Samples enriched by either of these techniques can be globally analyzed using DNA microarrays or by direct large-scale sequencing techniques. The latter, such as 454 sequencing (Roche) or Solexa bisulfite sequencing (Illumina), are relatively fast and cheap and have been used in a number of publications^156-158. However, these readout techniques are still resource intensive and analysis cannot be restricted to distinct regions.

Microarrays are cheaper and more flexible, since one can either use custom-designed or pre-designed commercially available tiling arrays, depending on the genomic regions of interest. However, compared to large-scale sequencing approaches, microarrays receive data with only moderate resolution.

During this thesis, the MCIp-on-chip application (MCIp combined with microarray readout) originally designed by our lab to globally detect disease-related hypermethylation in CpG islands¹¹⁰ was further developed to a novel application. This work was designed as a pilot study to demonstrate the applicability of this method for mapping of cell type-specific hypomethylation.
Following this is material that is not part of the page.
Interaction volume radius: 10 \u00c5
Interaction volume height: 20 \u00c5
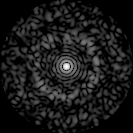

To overcome resolution restrictions and to validate the microarray analysis, the methylation levels were additionally quantified for some regions using single-gene MCIp and the standard bisulfite sequencing approach as a MCIp-independent approach. In summary, our data showed a good correlation between tissue-specific gene expression and promoter hypomethylation. Hence, the MCIp-on-chip was successfully applied to a novel application and seems to be a reliable method to detect cell type-specific hypomethylation.

Furthermore, by using MCIp I successfully fractionated genomic DNA into methylated and unmethylated pools, which has recently been performed by our group in another study as well¹⁵⁹. In their study, Schmidl and colleagues were able to identify and functionally characterize differentially methylated regions between two different human T-cell populations. In the present study the performance of this “mirror image” approach was improved by using more stringent hybridization conditions to identify differentially methylated regions (DMRs) in specific, selected genomic intervals. Since the "mirror

image" data correlated well with the MassARRAY results, this elaborate approach seems to be a reliable method for locus-wide comparative methylation analysis. With the pre-selection of differentially expressed genes and the downstream high-throughput analysis of selected CpGs by mass spectrometry, this work systematically identified DMRs and yielded new insights in individual (allele-specific) DNA methylation. Moreover, the vCGH analysis allowed the identification of genomic alternations, such as copy number variations (CNV) or deletions. Some of the larger CNV‟s, which have been validated in this thesis by qRT-PCR, were previously identified using standard comparative genomic hybridization approaches (CGH)¹⁵⁰. Standard CGH approaches utilize genomic DNA without pre-treatment steps (like MCIp), to screen for genetic changes (gains or losses) on a regular basis^160,161. The fact that these copy number variations between the two mice strains were correctly identified strongly suggests that the MCIp technique fractionated genomic DNA without sample loss like in MAP or MeDIP.

Taken together, the MCIp technique seems to be a reliable methodology to map differential DNA methylation at the level of both hypo- and hypermethylation.